## Load vocab

In [25]:
# This Python 3 environment comes with many helpful analytics libraries installed
# It is defined by the kaggle/python Docker image: https://github.com/kaggle/docker-python
# For example, here's several helpful packages to load

import numpy as np # linear algebra
import pandas as pd # data processing, CSV file I/O (e.g. pd.read_csv)

# Input data files are available in the read-only "../input/" directory
# For example, running this (by clicking run or pressing Shift+Enter) will list all files under the input directory

import os
for dirname, _, filenames in os.walk('/kaggle/input'):
    for filename in filenames:
        print(os.path.join(dirname, filename))

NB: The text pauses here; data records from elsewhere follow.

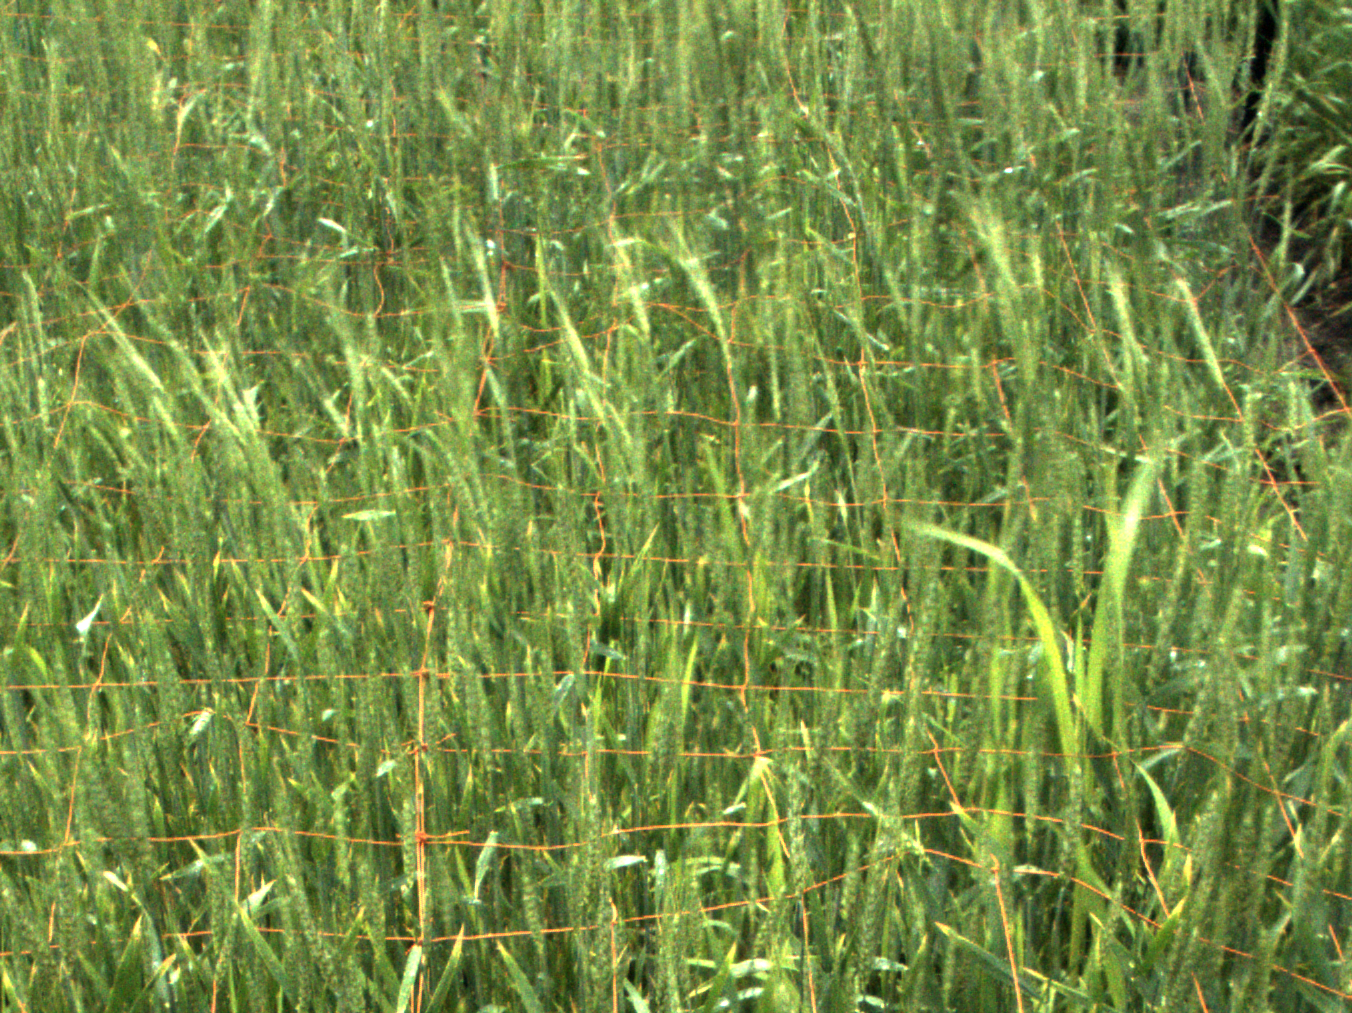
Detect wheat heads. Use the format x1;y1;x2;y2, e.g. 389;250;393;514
418;55;434;112
664;384;677;417
252;674;276;741
933;16;958;104
1168;439;1181;489
798;43;811;101
121;548;145;604
694;280;732;359
752;884;786;952
1102;34;1118;102
465;610;493;674
424;495;447;581
0;743;15;817
766;364;782;418
564;601;585;686
0;143;15;209
152;727;180;793
428;208;440;292
1004;617;1030;694
1246;809;1275;920
1097;879;1125;968
418;1;442;76
699;502;718;566
167;334;200;380
540;647;554;721
633;476;659;545
1177;386;1194;434
741;707;755;756
1063;450;1082;509
288;253;310;338
85;422;122;471
1020;744;1042;840
848;305;871;350
1139;33;1165;114
429;331;454;382
317;627;352;711
620;46;639;117
889;919;902;988
1220;466;1237;546
908;219;923;283
896;25;915;96
522;870;545;950
867;64;895;140
513;13;530;93
259;79;270;126
291;935;316;1011
155;123;173;185
1163;852;1189;910
494;393;517;448
247;950;266;992
499;305;528;341
100;4;127;75
736;384;757;479
1123;127;1145;190
365;640;389;731
1268;679;1301;767
13;340;29;383
397;797;416;896
1069;514;1088;600
1277;199;1292;264
33;948;63;1011
1161;3;1176;54
299;16;330;89
841;88;860;150
1313;692;1334;745
53;855;80;978
707;545;727;632
132;483;180;559
216;907;238;991
881;497;896;548
787;760;813;905
507;682;529;778
358;857;388;946
444;608;465;692
485;160;500;205
1108;127;1131;197
236;782;255;878
152;394;183;441
370;4;392;75
670;336;699;364
1170;916;1212;1013
344;0;366;57
152;656;172;728
773;230;787;301
333;57;368;137
1345;599;1352;674
48;85;64;137
207;405;247;441
587;904;617;995
899;719;928;810
1204;615;1235;756
997;851;1016;926
385;538;405;606
479;293;501;337
370;421;386;477
862;801;933;860
879;775;906;840
403;525;431;603
886;116;909;195
0;886;52;956
1334;819;1347;874
214;85;224;138
1240;938;1271;1013
523;664;549;741
1162;910;1193;987
645;29;667;114
340;149;365;241
1100;558;1122;682
201;576;215;632
0;413;23;458
464;458;489;528
753;276;770;316
1243;1;1257;60
1047;512;1064;626
328;790;354;887
0;353;27;408
1101;264;1120;384
255;500;273;580
284;870;345;995
1026;316;1048;374
238;472;255;527
909;284;925;340
1272;19;1290;82
748;487;765;549
876;921;889;993
781;309;795;360
144;403;162;451
551;481;588;590
844;699;865;778
392;148;406;217
1087;400;1100;451
994;278;1021;342
283;537;303;640
810;497;830;567
577;6;594;109
746;844;759;923
171;935;205;1013
540;16;561;84
21;269;44;327
231;394;267;444
953;3;974;96
604;473;633;564
95;519;121;582
420;449;442;501
970;345;987;407
143;557;157;594
281;5;299;77
207;871;226;954
462;659;481;742
601;398;633;449
331;719;352;757
7;921;30;994
305;94;324;190
752;0;774;47
1203;98;1231;179
245;71;260;126
351;738;373;832
555;61;572;118
14;767;42;824
792;278;820;332
275;851;299;970
191;228;212;299
717;47;739;144
390;443;404;505
656;720;684;780
1012;402;1025;441
2;688;26;759
246;272;268;326
71;39;95;101
1256;151;1277;199
1182;788;1218;881
837;839;864;923
130;703;156;789
673;34;689;137
355;441;370;501
953;706;986;789
1145;551;1188;690
634;631;650;706
775;722;788;775
39;706;63;787
119;443;151;472
205;410;231;506
633;226;647;277
444;449;483;529
1054;8;1078;80
566;397;578;441
31;165;58;220
267;480;287;554
224;479;240;536
962;422;979;475
671;966;689;1013
438;258;468;332
821;371;843;423
123;750;153;853
942;407;956;453
584;711;597;743
674;879;703;946
1002;439;1025;503
1024;0;1047;57
822;130;858;200
110;376;140;425
1323;461;1347;556
1240;390;1259;462
1226;811;1260;942
240;963;265;1013
1076;43;1089;114
860;469;874;541
991;15;1022;73
293;730;319;768
949;122;970;185
435;87;478;141
14;495;35;559
955;592;1004;685
702;777;726;849
508;486;531;568
496;97;517;166
971;278;989;338
842;21;859;106
1334;920;1352;1004
363;532;388;613
163;647;185;722
135;50;156;126
1054;763;1086;890
577;814;603;918
772;0;792;74
1026;250;1047;303
1029;470;1066;558
789;352;816;422
1007;64;1033;142
194;29;213;103
1287;378;1303;439
256;0;276;56
353;694;369;734
342;345;363;410
450;194;463;258
29;494;50;565
37;375;54;431
1188;850;1219;927
580;375;610;429
431;847;458;935
626;283;653;341
905;524;926;601
654;950;672;1012
1153;361;1171;418
223;619;248;670
990;223;1009;255
183;513;200;584
644;707;668;778
219;688;257;743
1193;312;1225;388
125;347;160;391
334;542;369;616
23;332;40;372
80;755;144;869
900;580;949;695
682;506;704;583
849;5;880;56
321;395;351;439
562;317;592;372
854;863;887;986
377;82;393;173
363;307;382;390
1194;40;1226;110
0;25;26;114
1319;480;1352;665
862;609;900;724
1002;511;1026;557
790;521;806;567
1184;586;1243;747
383;706;415;778
212;294;239;339
941;927;959;1003
756;125;788;218
186;68;211;137
428;654;443;719
921;489;944;555
1296;800;1327;896
43;130;71;209
1252;79;1276;146
476;696;498;778
13;560;36;612
525;514;551;593
1189;939;1224;1013
53;660;88;756
227;587;249;641
884;269;909;330
346;954;366;1013
1127;708;1145;763
975;226;1025;298
1172;15;1188;61
512;795;536;842
91;43;112;110
976;68;1002;135
202;635;221;695
806;692;837;784
762;489;781;551
773;508;790;575
484;503;517;583
123;31;139;98
1037;405;1069;496
50;518;68;563
413;115;435;172
400;658;426;733
1186;457;1204;529
492;11;513;72
246;541;262;599
176;441;212;554
1256;596;1272;687
755;678;769;724
418;693;440;761
978;6;998;74
1109;282;1150;378
688;15;718;142
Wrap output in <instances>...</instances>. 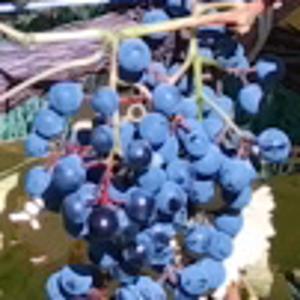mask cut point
<instances>
[{
    "label": "cut point",
    "mask_w": 300,
    "mask_h": 300,
    "mask_svg": "<svg viewBox=\"0 0 300 300\" xmlns=\"http://www.w3.org/2000/svg\"><path fill=\"white\" fill-rule=\"evenodd\" d=\"M191 34L190 58L192 60L195 78H202V52L198 48V31L195 25L189 27Z\"/></svg>",
    "instance_id": "1"
},
{
    "label": "cut point",
    "mask_w": 300,
    "mask_h": 300,
    "mask_svg": "<svg viewBox=\"0 0 300 300\" xmlns=\"http://www.w3.org/2000/svg\"><path fill=\"white\" fill-rule=\"evenodd\" d=\"M246 4L240 1H217V2H205L201 3L197 1L195 6L192 8V15L197 17L208 9H220V8H237L244 9Z\"/></svg>",
    "instance_id": "2"
}]
</instances>

# You can write up to 20GB to the current directory (/kaggle/working/) that gets preserved as output when you create a version using "Save & Run All" 
# You can also write temporary files to /kaggle/temp/, but they won't be saved outside of the current session

/kaggle/input/utilities/merges.txt
/kaggle/input/utilities/vocab.json
/kaggle/input/utilities/place_holder
/kaggle/input/utilities/tiny_stories_vocab.json
/kaggle/input/utils/pytorch/default/1/utils.py
/kaggle/input/gpt2minimodel/pytorch/default/1/gpt2MiniModel.pt
/kaggle/input/gpt2mini/pytorch/default/1/decoder.py
/kaggle/input/gpt2mini/pytorch/default/1/gpt2.py


In [None]:
from datasets import load_dataset

# Load and tokenize
dataset = load_dataset("roneneldan/TinyStories", split="train")
# texts = [sample["text"] for sample in dataset]
texts = [sample["text"] for sample in dataset.select(range(50000))]


In [27]:
print(os.listdir("/kaggle/input"))

['utilities', 'utils', 'gpt2minimodel', 'gpt2mini']


In [28]:
import json
with open("/kaggle/input/utilities/tiny_stories_vocab.json") as f:
    word2idx = json.load(f)
    print(type(word2idx))
    print(list(word2idx.items())[:10])

idx2word = {int(v): k for k, v in word2idx.items()}
pad_id = word2idx["<pad>"]

<class 'dict'>
[('<pad>', 0), ('<unk>', 1), ('<sos>', 2), ('<eos>', 3), ('"', 4), ('""I', 5), ('""No', 6), ('"\'Hello,', 7), ('"\'Let\'s', 8), ('"\'Why', 9)]


In [29]:
print(word2idx["Little"])

8011


## Testing Tokenization

In [30]:
import sys
sys.dont_write_bytecode = True # disabling __pycache__
sys.path.insert(0, '/kaggle/input/utils/pytorch/default/1/')
from utils import Tokenizer
# from utils import clean_text

tokenizer = Tokenizer()
tokenizer.upload_vocab(word2idx)
tokenizer.encode("little")

[33448]

## Testing the Model

In [31]:
# embedding_dim == hidden_size == (D)
# embedding_dim % num_heads == 0
embedding_dim = 64

ff_embedding_dim = 128 # ff_embedding_dim = 4 × embedding_dim
max_seq_len = 10
dropout = 0.1
num_heads = 2
vocab_size = tokenizer.get_vocab_size()
num_layers = 2

In [32]:
print(vocab_size)

57374


In [33]:
sys.path.insert(0, '/kaggle/input/gpt2mini/pytorch/default/1')
from gpt2 import GPT2Model
import torch
import torch.nn as nn

encoded = tokenizer.encode("dog")
input_tensor = torch.tensor(encoded).unsqueeze(0)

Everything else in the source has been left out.